▸ **DATASET SECTION**:
'''

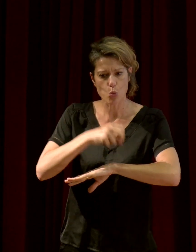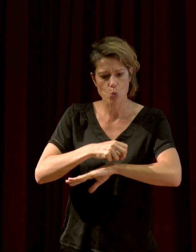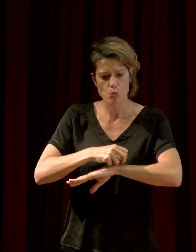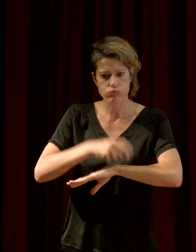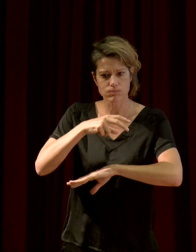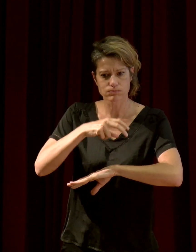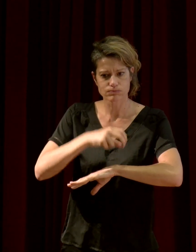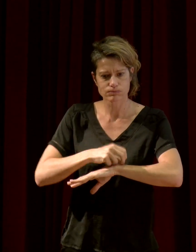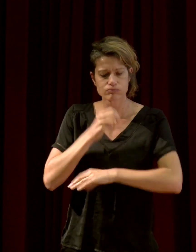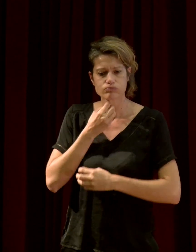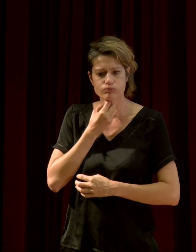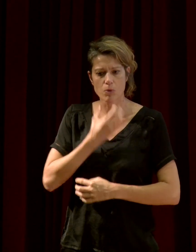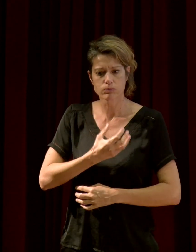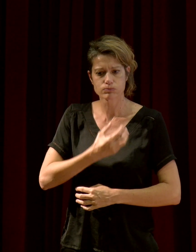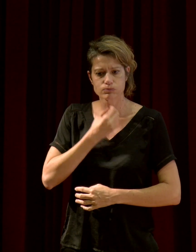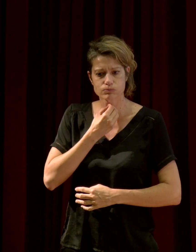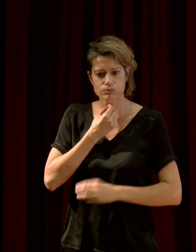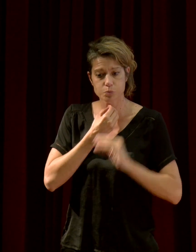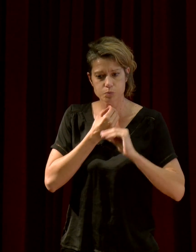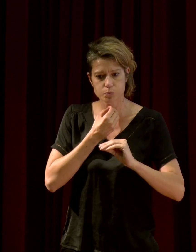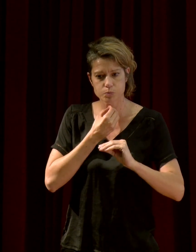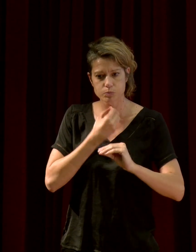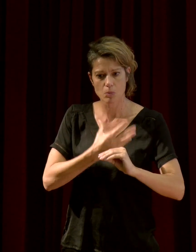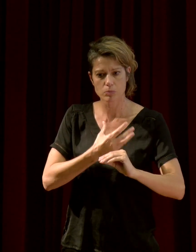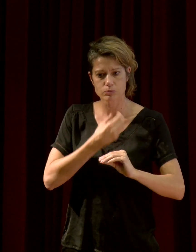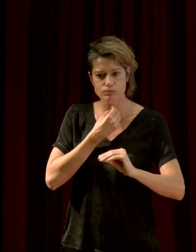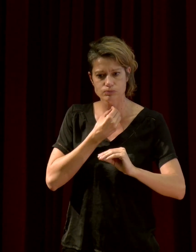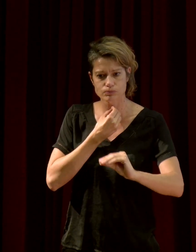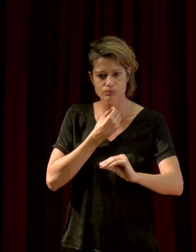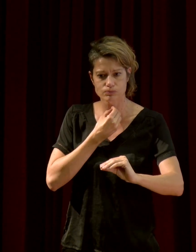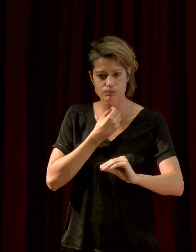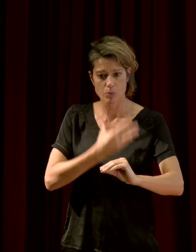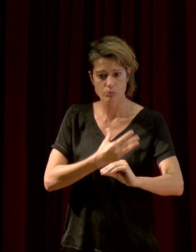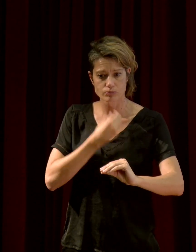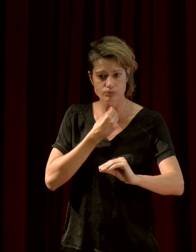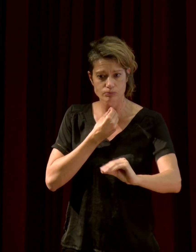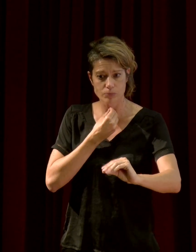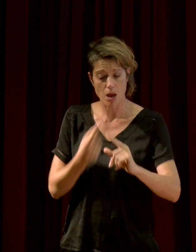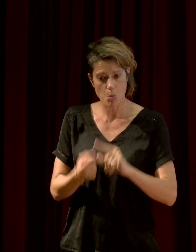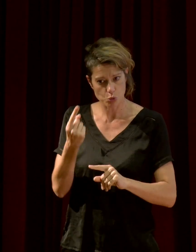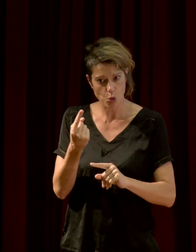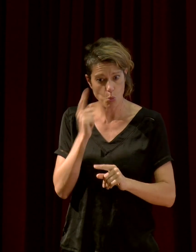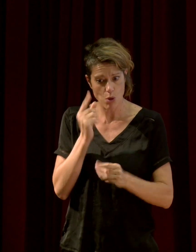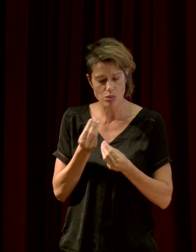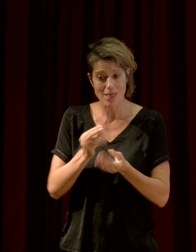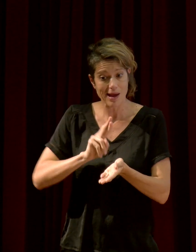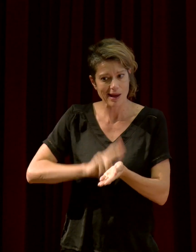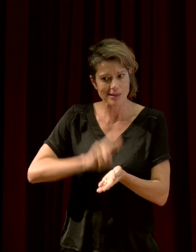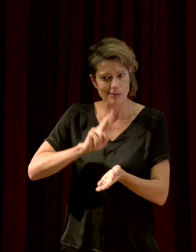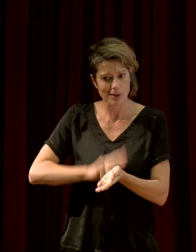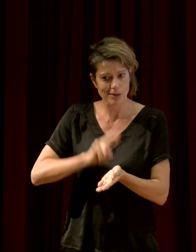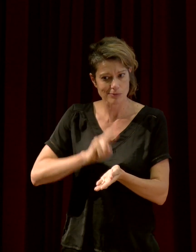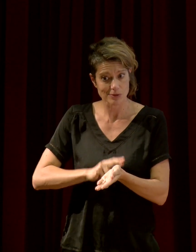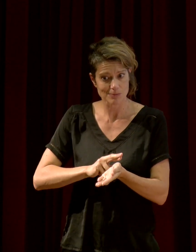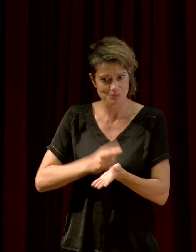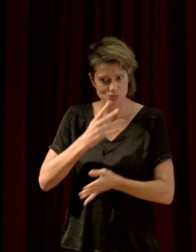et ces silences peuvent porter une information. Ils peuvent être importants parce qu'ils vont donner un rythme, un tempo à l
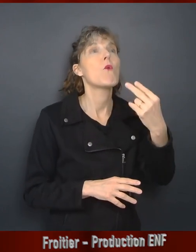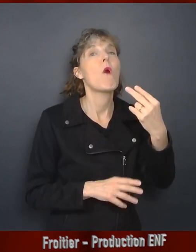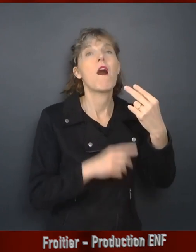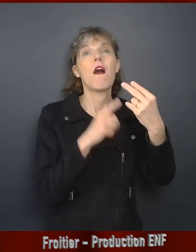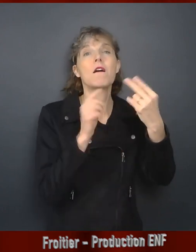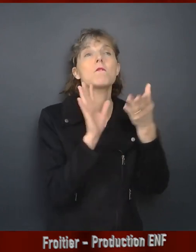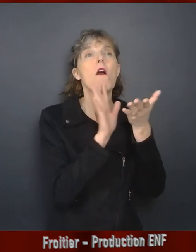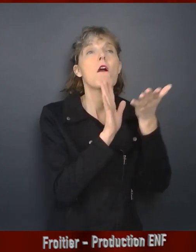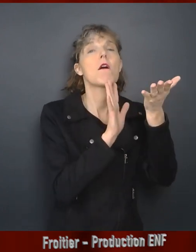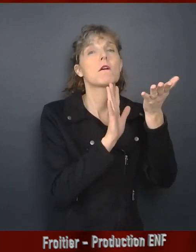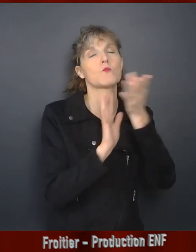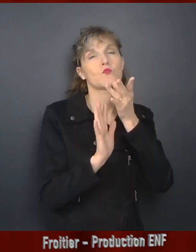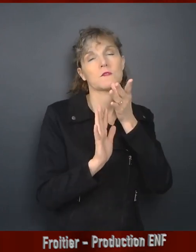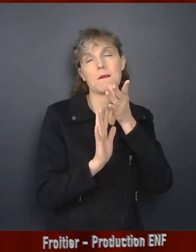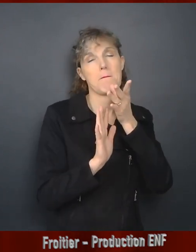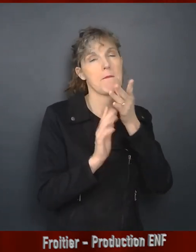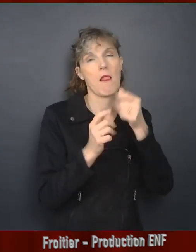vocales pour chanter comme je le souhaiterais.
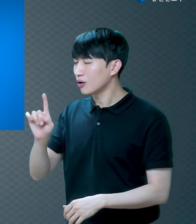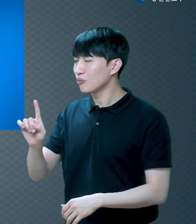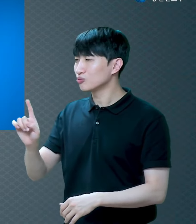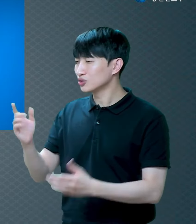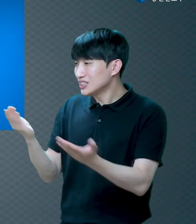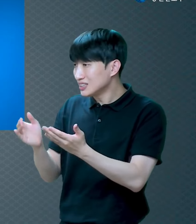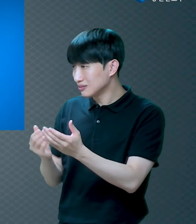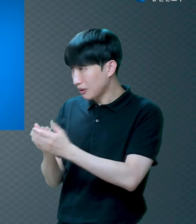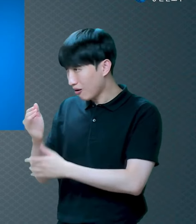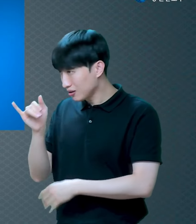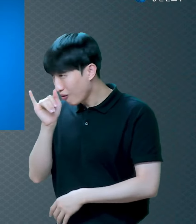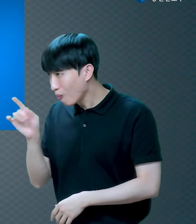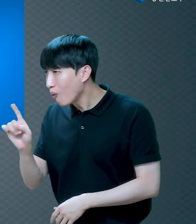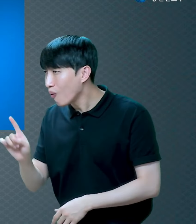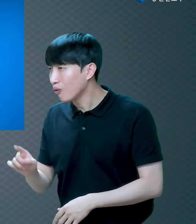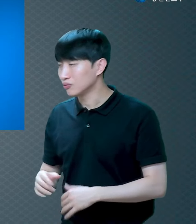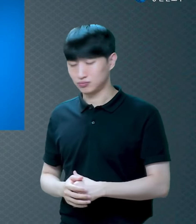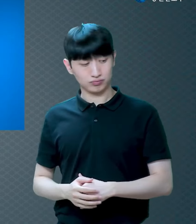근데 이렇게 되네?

'''

▸ **TASK INSTRUCTIONS**:
The answer must be the exact lines from the line with "vocales pour chanter" to the final line of the data, both ends included, with no pictures.

▸ **SOLUTION FOR THIS TASK**:
vocales pour chanter comme je le souhaiterais.
근데 이렇게 되네?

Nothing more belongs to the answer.